Excelsior is a labour market intelligence system that provides timely, detailed data on companies’ recruitment plans and skill needs across Italy.
Developed by the Ministry of Labour and Unioncamere, it supports evidence-informed employment, education and skills policies through high-frequency, territorially granular analysis.

Understanding labour market needs with high frequency and short lag is one of the most pressing challenges facing modern economies. Skills shortages, demographic change, technological innovation (artificial intelligence, virtual reality, etc.) and the green transition are reshaping demand faster than traditional data systems can track. In Italy, one of the main institutional responses to this challenge is the Excelsior information system, developed and coordinated by Italian Ministry of Labor and Social Policies and Unioncamere within the network of the Italian Chambers of Commerce with public authorities.
Excelsior is far more than a statistical survey. It is a comprehensive labour market intelligence system that collects, analyses and disseminates information on companies’ recruitment plans, skill requirements and training needs. On a regular basis, a very large sample of firms across sectors and territories is surveyed, generating one of Italy’s most detailed and timely datasets on labour demand.
At its core, Excelsior acts as a bridge between enterprises (understanding real needs), young students (education, training system and school and career guidance) and political authorities (public policy).
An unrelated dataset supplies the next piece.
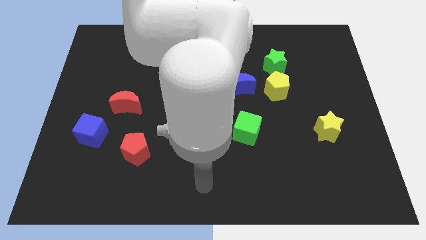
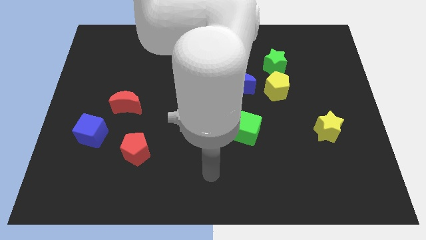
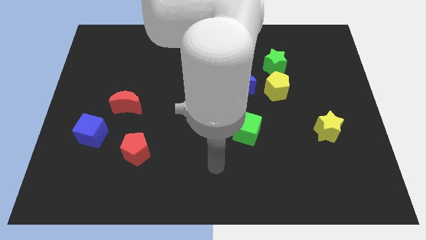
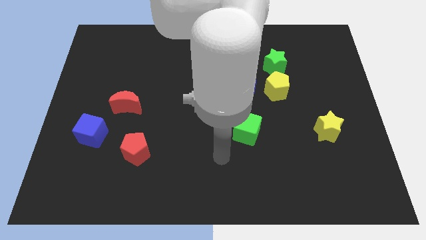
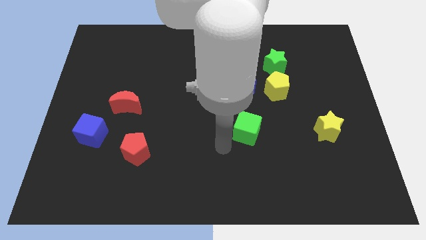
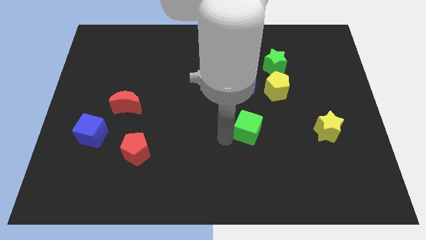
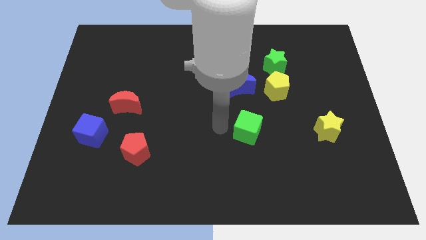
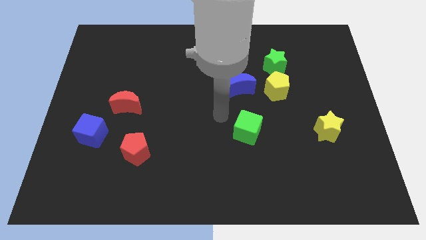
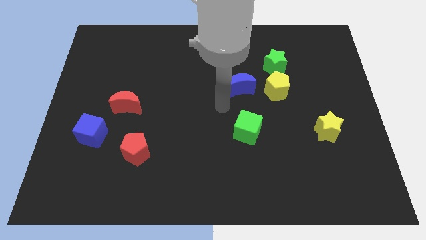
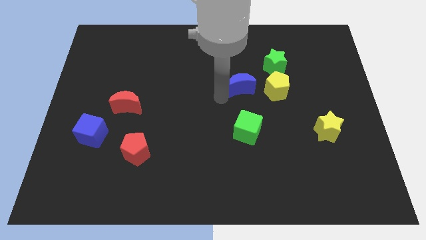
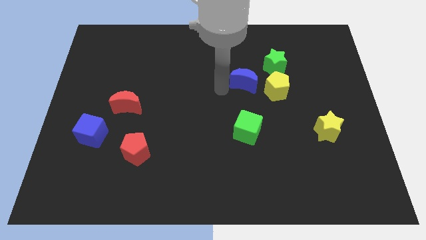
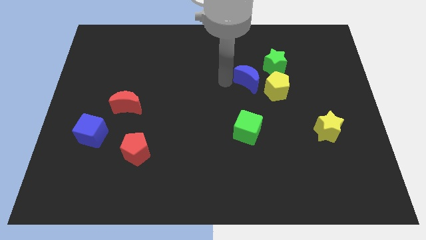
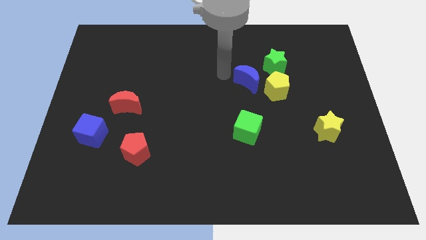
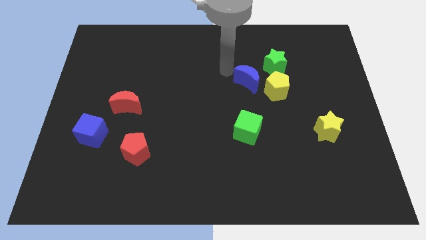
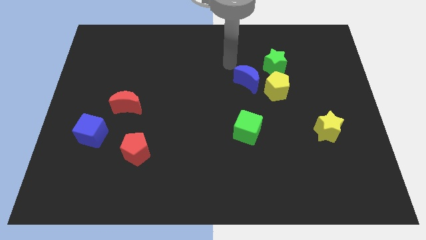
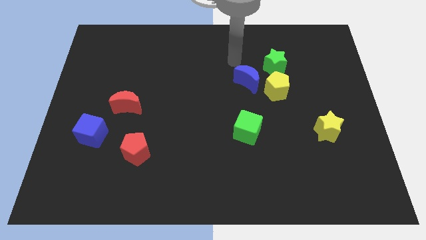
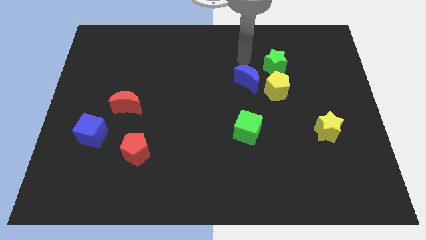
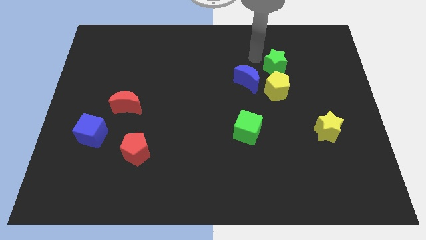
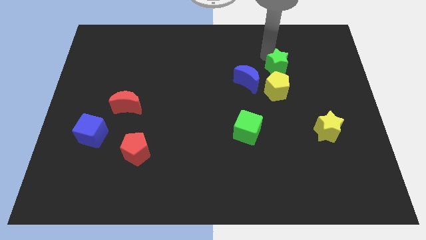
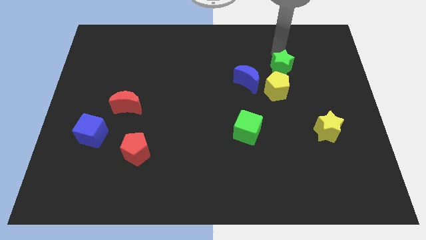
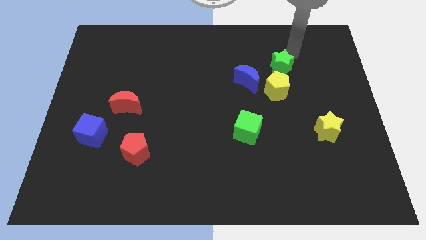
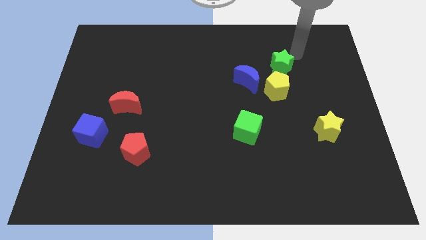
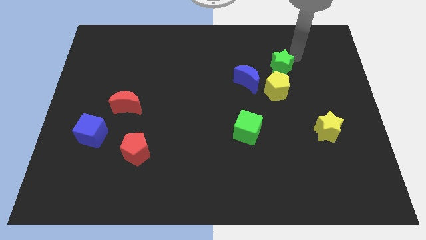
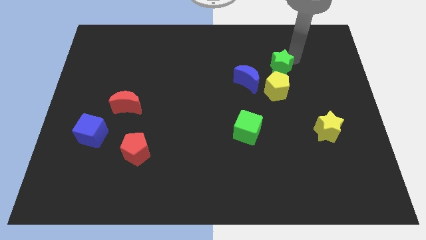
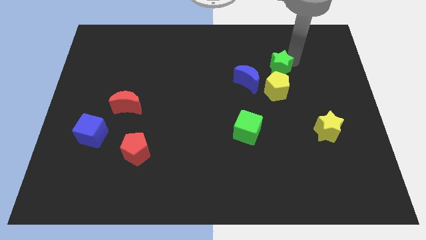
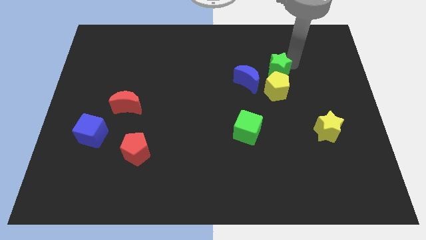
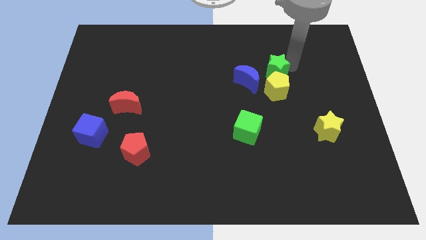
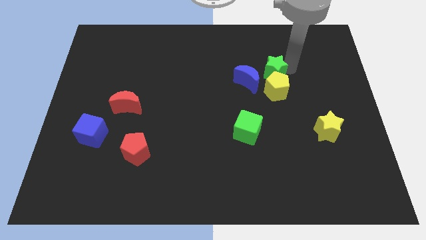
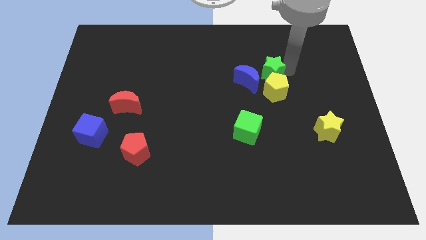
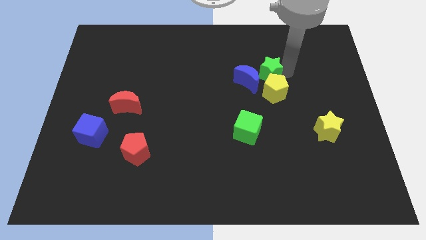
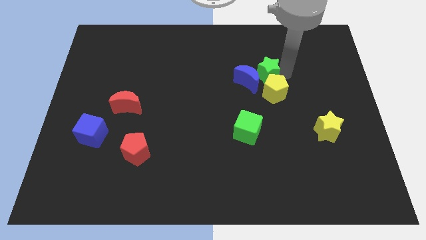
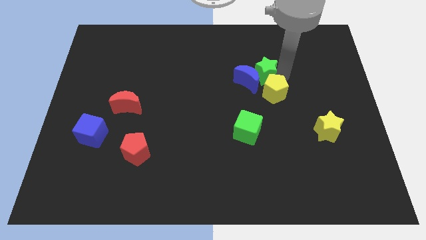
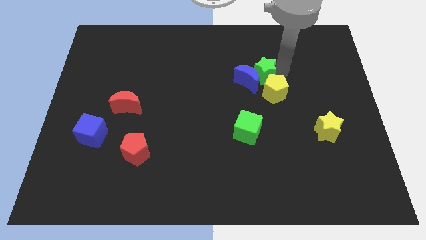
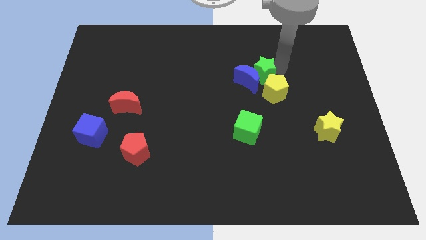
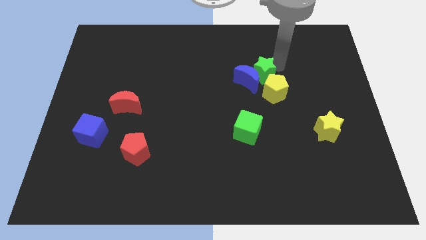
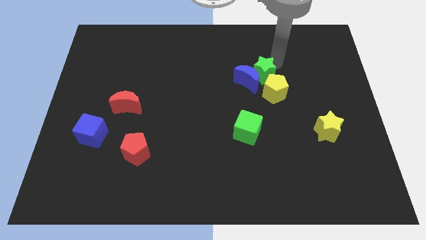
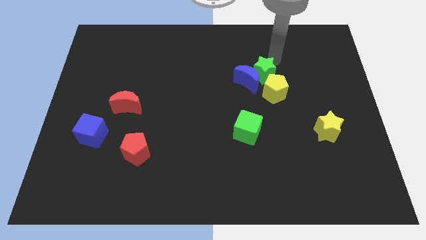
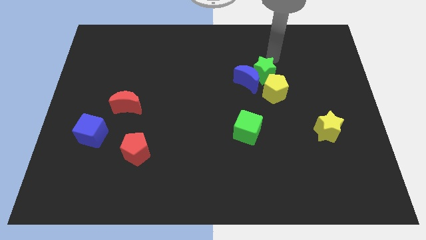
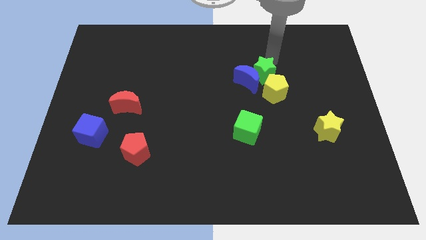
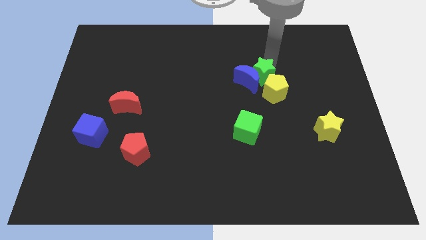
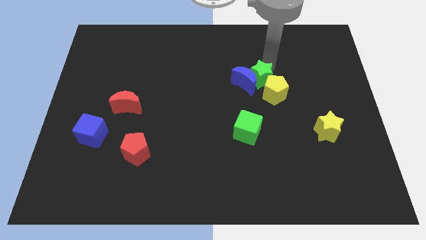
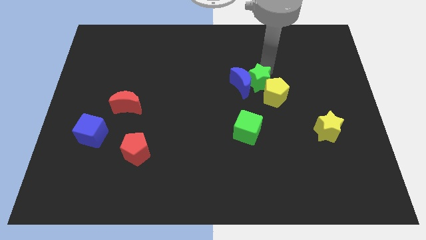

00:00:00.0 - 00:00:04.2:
move the green star downwards and to the left diagonally a little

By capturing firms’ hiring intentions and expected difficulties in recruitment, it helps tackle the structural mismatch between the supply of skills and the needs of the productive system. Its data are used by policymakers, education providers and career guidance services to better align curricula, training pathways and orientation activities with labour market realities.
This makes Excelsior an important tool for evidence-informed policymaking. Its outputs support employment policies at national and regional level, as well as active labour market measures and skills strategies. The platform also contributes to local decision-making, enabling territories to identify sector-specific shortages, emerging professions and persistent mismatches that may be overlooked in more aggregated statistics.One of Excelsior’s key strengths lies in its territorial granularity. Thanks to the widespread presence of the Chambers of Commerce, data can be analysed at national, regional and provincial (local) level, allowing for targeted interventions tailored to the specific characteristics of each area.
Equally important is timeliness. Regular data collection ensures that shifts in labour demand linked to economic cycles, technological adoption or regulatory change are captured promptly. In a rapidly evolving labour market, this responsiveness is a decisive advantage.
Excelsior plays a growing role in monitoring the skills implications of the digital and green transitions. By identifying demand for digital, technical and environmental competences, it underpins the design of reskilling and upskilling strategies, especially for SMEs and younger workers.
In doing so, Excelsior shows how labour market intelligence, when embedded in a strong institutional network, can move beyond analysis and help translate data into informed, forward-looking action.